Néanmoins, ce que je raconte dans le livre va bien au-delà de mon point de vue strictement personnel, je relate aussi des faits, des anecdotes, l’histoire méconnue des groupes et celle des labels, des producteurs et des machines. Mon opinion personnelle, je la cantonne surtout à mon introduction et à la conclusion, mais tout le reste est factuel et fait partie de l’histoire de cette musique que j’essaye de survoler dans sa globalité en tentant de mettre en exergue ce qui me semble le plus pertinent. Je travaille dans le milieu de la musique depuis 1987, j’ai fait tout ce qui était possible de faire pour transmettre et soutenir l’essence et la pureté de ce qui fait nos scènes dark alternatives : DJ résident durant treize ans, organisateur de soirées pendant vingt ans, musicien industriel depuis le premier album d’HIV+ en 2000, compilateur, remixeur, curateur, chanteur, patron de label, auteur de livres sur la musique, etc. En 1991 j’ai même été roadie et photographe pour un groupe cold wave avignonnais, c’est dire mon implication dans tout ce bordel depuis que je suis gamin. Ma vie a toujours été consacrée à la musique, c’est un sacerdoce à la limite du sacrifice ou de la folie.
Alors même si je n’aime trop enfermer la musique dans des genres précis, une subculture, un style ou une étiquette, je pense qu’il faut bien nommer les choses à un moment donné, et leur donner un sens commun reconnaissable par un public spécifique pour mieux pouvoir appréhender les choses, pouvoir en parler et les diffuser. La terminologie des genres musicaux a tendance à s’étioler avec le temps, les styles musicaux perdent de leur force et de leur originalité quand les générations suivantes les ressuscitent pour de bonnes ou de mauvaises raisons. La dénomination d’un nouveau genre musical reste tout de même une trouvaille de journaliste, plus rarement celle d’un groupe ou d’un label.

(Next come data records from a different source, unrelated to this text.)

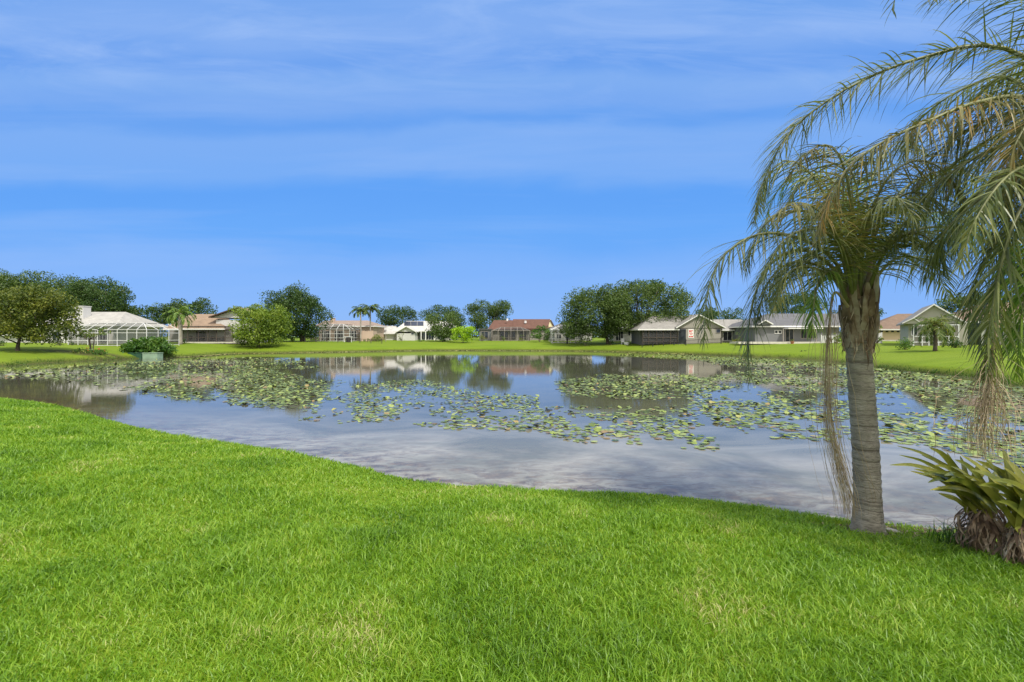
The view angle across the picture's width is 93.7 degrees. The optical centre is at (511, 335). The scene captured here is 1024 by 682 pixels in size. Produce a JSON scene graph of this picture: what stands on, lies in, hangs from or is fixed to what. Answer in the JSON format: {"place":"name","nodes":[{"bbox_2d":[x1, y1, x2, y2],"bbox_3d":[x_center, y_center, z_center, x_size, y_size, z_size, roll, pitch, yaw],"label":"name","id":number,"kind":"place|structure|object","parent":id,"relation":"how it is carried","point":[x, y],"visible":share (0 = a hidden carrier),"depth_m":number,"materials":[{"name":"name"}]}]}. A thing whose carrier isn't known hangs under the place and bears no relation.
{"place":"outdoors","nodes":[
{"label":"outdoors","id":0,"kind":"place"},
{"bbox_2d":[0,350,1023,529],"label":"pond water","id":1,"kind":"structure","parent":0,"point":[757,465],"depth_m":14.93,"materials":[{"name":"grey liquid"}]},
{"bbox_2d":[184,350,681,356],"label":"floating weed","id":2,"kind":"object","parent":1,"relation":"on","point":[374,351],"visible":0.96,"depth_m":74.04,"materials":[{"name":"green plant"}]},
{"bbox_2d":[0,353,1023,462],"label":"lily pads","id":3,"kind":"object","parent":1,"relation":"on","point":[738,414],"visible":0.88,"depth_m":21.45,"materials":[{"name":"green plant"}]},
{"bbox_2d":[0,336,1023,681],"bbox_3d":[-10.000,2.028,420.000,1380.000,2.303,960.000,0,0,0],"label":"ground","id":4,"kind":"structure","parent":0,"point":[924,358],"depth_m":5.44,"materials":[{"name":"green plant"}]},
{"bbox_2d":[0,268,35,320],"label":"oak tree","id":5,"kind":"object","parent":4,"relation":"on","point":[6,282],"visible":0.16,"depth_m":90.76,"materials":[{"name":"green plant"}]},
{"bbox_2d":[0,283,84,350],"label":"magnolia tree","id":6,"kind":"object","parent":4,"relation":"on","point":[35,302],"visible":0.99,"depth_m":49.36,"materials":[{"name":"green plant"}]},
{"bbox_2d":[4,269,108,322],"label":"oak tree","id":7,"kind":"object","parent":4,"relation":"on","point":[60,283],"visible":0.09,"depth_m":92.75,"materials":[{"name":"green plant"}]},
{"bbox_2d":[74,347,92,352],"bbox_3d":[-47.054,1.610,52.693,1.795,0.742,1.308,0,0,0],"label":"flower shrub","id":8,"kind":"object","parent":4,"relation":"on","point":[76,350],"visible":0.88,"depth_m":52.69,"materials":[{"name":"green plant"}]},
{"bbox_2d":[0,306,167,343],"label":"house","id":9,"kind":"structure","parent":4,"relation":"on","point":[87,316],"depth_m":69.74,"materials":[{"name":"grey"}]},
{"bbox_2d":[96,330,108,341],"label":"sliding door","id":10,"kind":"structure","parent":9,"relation":"in","point":[100,337],"depth_m":67.96,"materials":[{"name":"grey glass"}]},
{"bbox_2d":[75,327,111,350],"bbox_3d":[-47.560,0.435,54.601,3.094,2.935,2.646,0,0,0],"label":"frangipani tree","id":11,"kind":"object","parent":4,"relation":"on","point":[88,334],"visible":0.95,"depth_m":54.35,"materials":[{"name":"green plant"}]},
{"bbox_2d":[87,348,107,355],"bbox_3d":[-45.226,1.722,52.492,1.989,0.939,1.677,0,0,33],"label":"flower shrub","id":12,"kind":"object","parent":4,"relation":"on","point":[100,352],"visible":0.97,"depth_m":52.44,"materials":[{"name":"green plant"}]},
{"bbox_2d":[59,275,139,313],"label":"oak tree","id":13,"kind":"object","parent":4,"relation":"on","point":[89,295],"visible":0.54,"depth_m":88.14,"materials":[{"name":"green plant"}]},
{"bbox_2d":[68,323,178,345],"bbox_3d":[-52.252,-0.175,64.999,10.187,3.102,6.062,0,0,0],"label":"pool enclosure","id":14,"kind":"object","parent":4,"relation":"on","point":[107,340],"visible":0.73,"depth_m":62.00,"materials":[{"name":"grey metal"}]},
{"bbox_2d":[128,352,146,358],"bbox_3d":[-43.393,2.486,55.650,1.613,1.109,0.980,0,0,0],"label":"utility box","id":15,"kind":"object","parent":4,"relation":"on","point":[138,355],"visible":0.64,"depth_m":55.20,"materials":[{"name":"green metal"}]},
{"bbox_2d":[119,336,178,353],"bbox_3d":[-43.429,1.031,57.342,6.195,2.414,4.596,0,0,0],"label":"sea grape bush","id":16,"kind":"object","parent":4,"relation":"on","point":[153,344],"visible":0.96,"depth_m":56.38,"materials":[{"name":"green plant"}]},
{"bbox_2d":[127,302,172,328],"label":"oak tree","id":17,"kind":"object","parent":4,"relation":"on","point":[152,313],"visible":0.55,"depth_m":91.28,"materials":[{"name":"green plant"}]},
{"bbox_2d":[142,352,163,358],"bbox_3d":[-41.645,2.706,55.650,1.797,1.548,0.980,0,0,0],"label":"utility box","id":18,"kind":"object","parent":4,"relation":"on","point":[151,355],"visible":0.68,"depth_m":55.20,"materials":[{"name":"green metal"}]},
{"bbox_2d":[161,305,197,343],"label":"pygmy palm","id":19,"kind":"object","parent":4,"relation":"on","point":[179,320],"visible":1,"depth_m":73.78,"materials":[{"name":"green plant"}]},
{"bbox_2d":[164,297,218,321],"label":"oak tree","id":20,"kind":"object","parent":4,"relation":"on","point":[197,305],"visible":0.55,"depth_m":94.03,"materials":[{"name":"green plant"}]},
{"bbox_2d":[163,307,273,343],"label":"house","id":21,"kind":"structure","parent":4,"relation":"on","point":[203,328],"depth_m":81.20,"materials":[{"name":"beige"}]},
{"bbox_2d":[196,331,205,341],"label":"sliding door","id":22,"kind":"structure","parent":21,"relation":"in","point":[201,333],"depth_m":82.46,"materials":[{"name":"black glass"}]},
{"bbox_2d":[227,302,295,346],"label":"bush","id":23,"kind":"object","parent":4,"relation":"on","point":[266,330],"visible":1,"depth_m":74.76,"materials":[{"name":"green plant"}]},
{"bbox_2d":[259,280,335,341],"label":"oak tree","id":24,"kind":"object","parent":4,"relation":"on","point":[298,304],"visible":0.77,"depth_m":89.69,"materials":[{"name":"green plant"}]},
{"bbox_2d":[310,324,361,340],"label":"pool enclosure","id":25,"kind":"object","parent":4,"relation":"on","point":[336,330],"visible":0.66,"depth_m":97.47,"materials":[{"name":"grey metal"}]},
{"bbox_2d":[310,338,377,341],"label":"fence","id":26,"kind":"object","parent":4,"relation":"on","point":[343,339],"visible":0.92,"depth_m":90.00,"materials":[{"name":"brown metal"}]},
{"bbox_2d":[344,337,351,341],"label":"grill island","id":27,"kind":"structure","parent":4,"relation":"on","point":[348,339],"depth_m":91.75,"materials":[{"name":"white metal"}]},
{"bbox_2d":[316,318,387,340],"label":"house","id":28,"kind":"structure","parent":4,"relation":"on","point":[366,332],"depth_m":103.00,"materials":[{"name":"beige paint"}]},
{"bbox_2d":[322,331,329,339],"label":"sliding door","id":29,"kind":"structure","parent":28,"relation":"in","point":[326,333],"depth_m":102.97,"materials":[{"name":"grey glass"}]},
{"bbox_2d":[335,331,342,340],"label":"sliding door","id":30,"kind":"structure","parent":28,"relation":"in","point":[339,333],"depth_m":102.97,"materials":[{"name":"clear glass"}]},
{"bbox_2d":[349,331,356,340],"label":"sliding door","id":31,"kind":"structure","parent":28,"relation":"in","point":[353,334],"depth_m":102.97,"materials":[{"name":"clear glass"}]},
{"bbox_2d":[349,306,369,340],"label":"tall palm","id":32,"kind":"object","parent":4,"relation":"on","point":[358,310],"visible":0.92,"depth_m":97.86,"materials":[{"name":"green plant"}]},
{"bbox_2d":[358,304,381,330],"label":"tall palm","id":33,"kind":"object","parent":4,"relation":"on","point":[372,308],"visible":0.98,"depth_m":98.75,"materials":[{"name":"green plant"}]},
{"bbox_2d":[370,334,384,340],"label":"hedge shrub","id":34,"kind":"object","parent":4,"relation":"on","point":[376,337],"visible":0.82,"depth_m":97.79,"materials":[{"name":"green plant"}]},
{"bbox_2d":[384,326,397,339],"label":"garage","id":35,"kind":"structure","parent":4,"relation":"on","point":[390,333],"depth_m":112.00,"materials":[{"name":"white paint"}]},
{"bbox_2d":[385,334,393,339],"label":"garage door","id":36,"kind":"structure","parent":35,"relation":"in","point":[387,336],"depth_m":111.94,"materials":[{"name":"white metal"}]},
{"bbox_2d":[376,304,418,326],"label":"oak tree","id":37,"kind":"object","parent":4,"relation":"on","point":[387,318],"visible":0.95,"depth_m":117.22,"materials":[{"name":"green plant"}]},
{"bbox_2d":[394,321,457,340],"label":"house","id":38,"kind":"structure","parent":4,"relation":"on","point":[413,330],"depth_m":109.94,"materials":[{"name":"white paint"}]},
{"bbox_2d":[426,332,433,339],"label":"sliding door","id":39,"kind":"structure","parent":38,"relation":"in","point":[428,337],"depth_m":109.96,"materials":[{"name":"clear glass"}]},
{"bbox_2d":[435,337,448,341],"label":"hedge shrub","id":40,"kind":"object","parent":4,"relation":"on","point":[441,340],"visible":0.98,"depth_m":97.89,"materials":[{"name":"green plant"}]},
{"bbox_2d":[424,310,460,340],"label":"oak tree","id":41,"kind":"object","parent":4,"relation":"on","point":[438,330],"visible":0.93,"depth_m":99.25,"materials":[{"name":"green plant"}]},
{"bbox_2d":[418,304,467,332],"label":"oak tree","id":42,"kind":"object","parent":4,"relation":"on","point":[445,310],"visible":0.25,"depth_m":118.13,"materials":[{"name":"green plant"}]},
{"bbox_2d":[450,325,477,342],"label":"ornamental tree","id":43,"kind":"object","parent":4,"relation":"on","point":[468,331],"visible":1,"depth_m":94.40,"materials":[{"name":"green plant"}]},
{"bbox_2d":[478,329,491,340],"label":"garden shed","id":44,"kind":"structure","parent":4,"relation":"on","point":[487,333],"depth_m":106.00,"materials":[{"name":"stone"}]},
{"bbox_2d":[481,331,487,338],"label":"window","id":45,"kind":"structure","parent":44,"relation":"in","point":[484,333],"depth_m":105.96,"materials":[{"name":"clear glass"}]},
{"bbox_2d":[461,299,513,333],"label":"oak tree","id":46,"kind":"object","parent":4,"relation":"on","point":[479,318],"visible":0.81,"depth_m":123.64,"materials":[{"name":"green plant"}]},
{"bbox_2d":[160,327,840,337],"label":"woods","id":47,"kind":"object","parent":4,"relation":"on","point":[162,332],"visible":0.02,"depth_m":187.03,"materials":[{"name":"brown plant"}]},
{"bbox_2d":[492,327,529,340],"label":"pool enclosure","id":48,"kind":"object","parent":4,"relation":"on","point":[504,330],"visible":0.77,"depth_m":103.96,"materials":[{"name":"grey metal"}]},
{"bbox_2d":[2,348,1023,385],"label":"bank grass","id":49,"kind":"structure","parent":4,"relation":"on","point":[911,370],"depth_m":44.23,"materials":[{"name":"green plant"}]},
{"bbox_2d":[488,319,553,339],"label":"house","id":50,"kind":"structure","parent":4,"relation":"on","point":[530,324],"depth_m":110.28,"materials":[{"name":"red"}]},
{"bbox_2d":[500,331,507,338],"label":"sliding door","id":51,"kind":"structure","parent":50,"relation":"in","point":[501,332],"depth_m":109.96,"materials":[{"name":"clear glass"}]},
{"bbox_2d":[510,331,515,338],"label":"sliding door","id":52,"kind":"structure","parent":50,"relation":"in","point":[512,333],"depth_m":109.96,"materials":[{"name":"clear glass"}]},
{"bbox_2d":[519,331,525,338],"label":"sliding door","id":53,"kind":"structure","parent":50,"relation":"in","point":[521,333],"depth_m":109.96,"materials":[{"name":"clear glass"}]},
{"bbox_2d":[530,325,553,341],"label":"garden tree","id":54,"kind":"object","parent":4,"relation":"on","point":[543,328],"visible":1,"depth_m":96.88,"materials":[{"name":"green plant"}]},
{"bbox_2d":[549,326,582,342],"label":"pool enclosure","id":55,"kind":"object","parent":4,"relation":"on","point":[576,338],"visible":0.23,"depth_m":92.96,"materials":[{"name":"grey metal"}]},
{"bbox_2d":[548,324,591,340],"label":"house","id":56,"kind":"structure","parent":4,"relation":"on","point":[557,335],"depth_m":102.00,"materials":[{"name":"stone"}]},
{"bbox_2d":[579,331,591,345],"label":"hedge shrub","id":57,"kind":"object","parent":4,"relation":"on","point":[583,340],"visible":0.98,"depth_m":86.01,"materials":[{"name":"green plant"}]},
{"bbox_2d":[555,283,638,343],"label":"oak tree","id":58,"kind":"object","parent":4,"relation":"on","point":[590,304],"visible":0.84,"depth_m":85.47,"materials":[{"name":"green plant"}]},
{"bbox_2d":[608,321,630,340],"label":"house","id":59,"kind":"structure","parent":4,"relation":"on","point":[626,336],"depth_m":97.00,"materials":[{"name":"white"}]},
{"bbox_2d":[616,331,622,340],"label":"sliding door","id":60,"kind":"structure","parent":59,"relation":"in","point":[618,338],"depth_m":96.97,"materials":[{"name":"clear glass"}]},
{"bbox_2d":[597,278,698,331],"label":"oak tree","id":61,"kind":"object","parent":4,"relation":"on","point":[654,290],"visible":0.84,"depth_m":84.74,"materials":[{"name":"green plant"}]},
{"bbox_2d":[642,340,684,346],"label":"fence","id":62,"kind":"object","parent":4,"relation":"on","point":[663,343],"visible":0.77,"depth_m":78.49,"materials":[{"name":"black metal"}]},
{"bbox_2d":[627,314,742,344],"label":"house","id":63,"kind":"structure","parent":4,"relation":"on","point":[660,332],"depth_m":81.47,"materials":[{"name":"grey"}]},
{"bbox_2d":[679,329,685,343],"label":"screen door","id":64,"kind":"structure","parent":63,"relation":"in","point":[682,332],"depth_m":79.96,"materials":[{"name":"black glass"}]},
{"bbox_2d":[688,329,693,337],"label":"wall sign","id":65,"kind":"object","parent":63,"relation":"attached to","point":[690,333],"visible":0.98,"depth_m":79.95,"materials":[{"name":"white paint"}]},
{"bbox_2d":[723,331,731,340],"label":"sliding door","id":66,"kind":"structure","parent":63,"relation":"in","point":[727,335],"depth_m":81.48,"materials":[{"name":"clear glass"}]},
{"bbox_2d":[685,337,721,344],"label":"fence","id":67,"kind":"object","parent":4,"relation":"on","point":[714,341],"visible":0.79,"depth_m":76.99,"materials":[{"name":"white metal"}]},
{"bbox_2d":[694,307,744,319],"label":"oak tree","id":68,"kind":"object","parent":4,"relation":"on","point":[716,314],"visible":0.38,"depth_m":98.42,"materials":[{"name":"green plant"}]},
{"bbox_2d":[728,314,839,343],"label":"house","id":69,"kind":"structure","parent":4,"relation":"on","point":[783,331],"depth_m":74.00,"materials":[{"name":"paint"}]},
{"bbox_2d":[785,329,793,341],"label":"sliding door","id":70,"kind":"structure","parent":69,"relation":"in","point":[789,333],"depth_m":73.97,"materials":[{"name":"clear glass"}]},
{"bbox_2d":[801,329,806,338],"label":"window","id":71,"kind":"structure","parent":69,"relation":"in","point":[802,332],"depth_m":73.97,"materials":[{"name":"black glass"}]},
{"bbox_2d":[762,290,829,313],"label":"oak tree","id":72,"kind":"object","parent":4,"relation":"on","point":[799,307],"visible":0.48,"depth_m":95.88,"materials":[{"name":"green plant"}]},
{"bbox_2d":[821,335,833,342],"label":"fence","id":73,"kind":"object","parent":4,"relation":"on","point":[822,339],"visible":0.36,"depth_m":69.99,"materials":[{"name":"white plastic"}]},
{"bbox_2d":[832,333,841,343],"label":"garden plant","id":74,"kind":"object","parent":4,"relation":"on","point":[836,339],"visible":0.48,"depth_m":67.98,"materials":[{"name":"green plant"}]},
{"bbox_2d":[685,129,1018,535],"bbox_3d":[4.595,-0.198,6.190,5.567,5.328,2.502,0,0,-35],"label":"queen palm","id":75,"kind":"object","parent":4,"relation":"on","point":[854,244],"visible":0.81,"depth_m":5.48,"materials":[{"name":"green plant"}]},
{"bbox_2d":[832,307,886,316],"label":"oak tree","id":76,"kind":"object","parent":4,"relation":"on","point":[881,310],"visible":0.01,"depth_m":95.20,"materials":[{"name":"green plant"}]},
{"bbox_2d":[877,324,883,341],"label":"garden plant","id":77,"kind":"object","parent":4,"relation":"on","point":[881,327],"visible":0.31,"depth_m":65.83,"materials":[{"name":"green plant"}]},
{"bbox_2d":[822,521,942,537],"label":"leaf litter","id":78,"kind":"object","parent":4,"relation":"on","point":[911,531],"visible":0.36,"depth_m":5.82,"materials":[{"name":"brown plant"}]},
{"bbox_2d":[745,0,1023,466],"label":"queen palm","id":79,"kind":"object","parent":4,"relation":"on","point":[988,204],"visible":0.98,"depth_m":4.20,"materials":[{"name":"green plant"}]},
{"bbox_2d":[879,314,911,340],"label":"house","id":80,"kind":"structure","parent":4,"relation":"on","point":[890,330],"depth_m":85.70,"materials":[{"name":"brown paint"}]},
{"bbox_2d":[895,337,914,349],"bbox_3d":[40.960,0.824,50.015,1.873,1.454,1.490,0,0,0],"label":"hedge shrub","id":81,"kind":"object","parent":4,"relation":"on","point":[906,344],"visible":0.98,"depth_m":49.97,"materials":[{"name":"green plant"}]},
{"bbox_2d":[909,314,960,350],"bbox_3d":[40.069,-0.224,45.433,3.550,3.740,3.563,0,0,25],"label":"bushy palm","id":82,"kind":"object","parent":4,"relation":"on","point":[936,325],"visible":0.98,"depth_m":45.22,"materials":[{"name":"green plant"}]},
{"bbox_2d":[925,518,968,547],"bbox_3d":[4.876,2.180,5.253,0.743,0.301,0.606,0,0,0],"label":"grass tuft","id":83,"kind":"object","parent":4,"relation":"on","point":[949,533],"visible":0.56,"depth_m":5.25,"materials":[{"name":"green plant"}]},
{"bbox_2d":[891,446,1008,554],"bbox_3d":[4.780,1.756,5.030,1.660,1.194,0.675,0,0,-17],"label":"strap leaf plant","id":84,"kind":"object","parent":4,"relation":"on","point":[981,510],"visible":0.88,"depth_m":4.93,"materials":[{"name":"green plant"}]},
{"bbox_2d":[946,337,964,347],"bbox_3d":[45.285,0.657,48.936,1.830,1.367,1.469,0,0,0],"label":"hedge shrub","id":85,"kind":"object","parent":4,"relation":"on","point":[956,343],"visible":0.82,"depth_m":48.86,"materials":[{"name":"green plant"}]},
{"bbox_2d":[896,302,1023,345],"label":"house","id":86,"kind":"structure","parent":4,"relation":"on","point":[932,310],"depth_m":56.22,"materials":[{"name":"grey paint"}]},
{"bbox_2d":[935,289,1011,313],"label":"oak tree","id":87,"kind":"object","parent":4,"relation":"on","point":[944,307],"visible":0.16,"depth_m":71.16,"materials":[{"name":"green plant"}]},
{"bbox_2d":[960,449,1023,565],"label":"strap leaf plant","id":88,"kind":"object","parent":4,"relation":"on","point":[1008,482],"visible":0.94,"depth_m":4.54,"materials":[{"name":"green plant"}]},
{"bbox_2d":[0,0,1023,335],"label":"sky","id":89,"kind":"structure","parent":0,"point":[418,155],"materials":[{"name":"blue"}]}
]}

Pour moi Fad Gadget, Yazoo ou Kas Product sont plus légitimes à se retrouver dans un bac new wave que par exemple The Cure, Clan Of Xymox ou Tears For Fears qui se sont rapidement détachés du format stylistique du genre initial pour embrasser au bout de deux ou trois albums des univers musicaux plus hétéroclites, plus rock ou plus pop, donc plus classiques finalement. J’avais donc envie de redéfinir ce qu’a été la new wave pour moi, et les amis musiciens que j’interroge dans ce livre, comme dans les trois précédents. J’ai volontairement fait l’impasse des choses strictement "néoromantiques" voire un peu "world music" que je n’aimais pas du tout étant minot, des trucs comme Talking Heads, Spandau Ballet, Duran Duran, Human League, Elli & Jacno ou Lizzy Mercier Descloux, pour me focaliser sur des groupes moins connus du grand public, comme Liaisons Dangereuses, Cabaret Voltaire, He Said, The Sound, The Chameleons, Love & Rockets, Lowlife ou Fra Lippo Lippi (uniquement le premier album In Silence de 1981), entre autres.

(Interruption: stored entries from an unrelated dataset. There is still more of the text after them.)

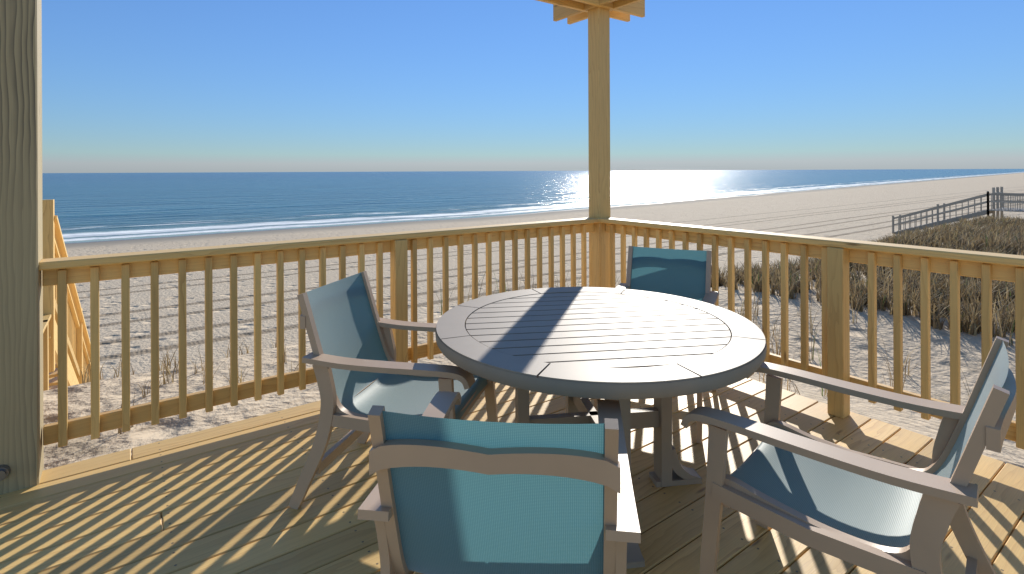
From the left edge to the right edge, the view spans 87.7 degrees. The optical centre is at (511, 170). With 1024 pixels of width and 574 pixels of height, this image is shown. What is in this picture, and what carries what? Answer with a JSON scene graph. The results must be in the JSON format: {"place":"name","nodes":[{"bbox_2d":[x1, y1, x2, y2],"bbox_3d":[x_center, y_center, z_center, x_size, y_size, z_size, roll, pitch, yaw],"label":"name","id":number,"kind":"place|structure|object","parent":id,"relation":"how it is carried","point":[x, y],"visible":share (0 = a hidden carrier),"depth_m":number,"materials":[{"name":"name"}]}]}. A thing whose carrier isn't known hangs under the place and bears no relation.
{"place":"outdoors","nodes":[
{"label":"outdoors","id":0,"kind":"place"},
{"bbox_2d":[0,378,1023,573],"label":"deck floor","id":1,"kind":"structure","parent":0,"point":[217,499],"depth_m":2.31,"materials":[{"name":"brown wood"}]},
{"bbox_2d":[0,0,43,494],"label":"wooden post","id":2,"kind":"object","parent":1,"relation":"on","point":[21,344],"visible":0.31,"depth_m":2.44,"materials":[{"name":"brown wood"}]},
{"bbox_2d":[0,464,10,480],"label":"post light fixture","id":3,"kind":"object","parent":2,"relation":"attached to","point":[5,470],"visible":1,"depth_m":2.39,"materials":[{"name":"grey metal"}]},
{"bbox_2d":[288,271,497,508],"bbox_3d":[-0.490,0.992,2.479,0.830,0.929,0.640,0,0,14],"label":"sling chair","id":4,"kind":"object","parent":1,"relation":"on","point":[359,371],"visible":0.77,"depth_m":2.44,"materials":[{"name":"teal fabric"}]},
{"bbox_2d":[358,391,640,573],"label":"sling chair","id":5,"kind":"object","parent":1,"relation":"on","point":[447,495],"visible":1,"depth_m":1.20,"materials":[{"name":"teal fabric"}]},
{"bbox_2d":[39,7,1023,449],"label":"deck railing","id":6,"kind":"object","parent":1,"relation":"on","point":[599,225],"visible":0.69,"depth_m":3.13,"materials":[{"name":"brown wood"}]},
{"bbox_2d":[537,0,644,23],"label":"overhead beams","id":7,"kind":"structure","parent":6,"relation":"attached to","point":[573,11],"depth_m":4.85,"materials":[{"name":"brown wood"}]},
{"bbox_2d":[435,287,766,568],"bbox_3d":[0.373,1.063,2.433,1.428,0.760,1.428,0,0,-8],"label":"round patio table","id":8,"kind":"object","parent":1,"relation":"on","point":[578,347],"visible":0.84,"depth_m":2.20,"materials":[{"name":"white plastic"}]},
{"bbox_2d":[594,246,718,443],"bbox_3d":[0.898,0.986,3.275,0.640,0.929,0.830,0,0,26],"label":"sling chair","id":9,"kind":"object","parent":1,"relation":"on","point":[682,273],"visible":0.3,"depth_m":3.56,"materials":[{"name":"teal fabric"}]},
{"bbox_2d":[681,336,1015,573],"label":"sling chair","id":10,"kind":"object","parent":1,"relation":"on","point":[875,514],"visible":0.99,"depth_m":1.65,"materials":[{"name":"teal fabric"}]},
{"bbox_2d":[42,169,1023,240],"bbox_3d":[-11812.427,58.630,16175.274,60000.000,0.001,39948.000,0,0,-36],"label":"sea water","id":11,"kind":"structure","parent":0,"point":[90,206],"depth_m":148.78,"materials":[{"name":"blue liquid"}]},
{"bbox_2d":[42,0,1023,172],"label":"sky","id":12,"kind":"structure","parent":0,"point":[129,86],"materials":[{"name":"blue"}]},
{"bbox_2d":[43,172,1023,530],"bbox_3d":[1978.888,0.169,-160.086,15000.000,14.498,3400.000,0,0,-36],"label":"beach sand","id":13,"kind":"structure","parent":0,"point":[859,212],"depth_m":19.97,"materials":[{"name":"beige sand"}]},
{"bbox_2d":[42,199,90,390],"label":"beach stairs","id":14,"kind":"structure","parent":13,"relation":"on","point":[78,341],"depth_m":5.90,"materials":[{"name":"brown wood"}]},
{"bbox_2d":[43,214,1023,433],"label":"dune grass","id":15,"kind":"structure","parent":13,"relation":"on","point":[993,234],"depth_m":9.36,"materials":[{"name":"brown plant"}]},
{"bbox_2d":[892,187,1023,233],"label":"fence","id":16,"kind":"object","parent":13,"relation":"on","point":[1001,201],"visible":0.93,"depth_m":34.68,"materials":[{"name":"grey wood"}]}
]}

J’ai choisi de raconter les choses dans un style gonzo, un peu provocateur, impertinent et dynamique, comme je le fais dans mes articles signés PPyR pour le magazine Gonzaï ! Alors que ma démarche entre, ou pas, en résonnance avec la doxa officielle sur le sujet de la new wave, je m’en tape ! D’ailleurs, j’ai lu dans les tréfonds du web une paire de critiques négatives de mon dernier livre (sur le forum français des fans de Depeche Mode French Violation ou sur le site de la Fnac), et je pense que les deux ou trois individus qui ont critiqué mon bouquin – et c’est leur droit – n’amènent aucune argumentation factuelle, et n’ont absolument pas compris que je n’écrivais pas pour caresser leur égo d’encul**rs de mouches, car la plupart des commentateurs sur internet sont souvent des types aigris n’ayant jamais mouillé la chemise pour aucune cause musicale ou artistique. Par conséquent je préfère que ce soit clair : j’écris avant tout pour les nouvelles générations et pas pour quelques cinquantenaires nostalgiques !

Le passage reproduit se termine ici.